Analog hep-th, on Dirac materials and in general

Abstract

The work of our group on reproducing scenarios of high energy theoretical physics on Dirac materials, like graphene, is illustrated. The main goal of this paper is to explain how versatile these systems are, and how far and wide into the hep-th territory we can explore with them. I first review why these materials lend themselves to the emergence of special relativistic-like matter and space, with the focus on the emergence of curvature. Then the crucial role of the low dimensions (2+1), and Weyl symmetry, towards the realization of a Unruh-kind of phenomenon (along with other interesting scenarios, that include the BTZ black hole and de Sitter spacetime) is explained.
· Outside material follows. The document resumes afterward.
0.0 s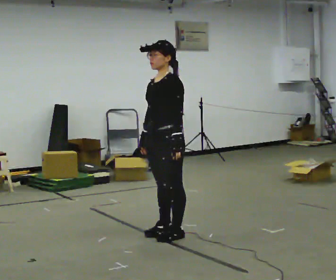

Comments on how far we went in the direction of experiments are offered too, followed by a list of some fresh results: From the time-loop to spot torsion, to the generalized uncertainty principle stemming from and underlying (lattice) length; From a model of grain-boundaries and their relation to (A)dS and Poincar\'e spacetime algebras, to Unconventional Supersymmetry and the role of the two Dirac points of graphene; and more. In the concluding remarks I briefly try to make the case for the realization of a ``CERN for analogs'', where theorists. both of the hep-th and of the cond-mat types, sit next to experimentalists, mostly of the cond-mat type.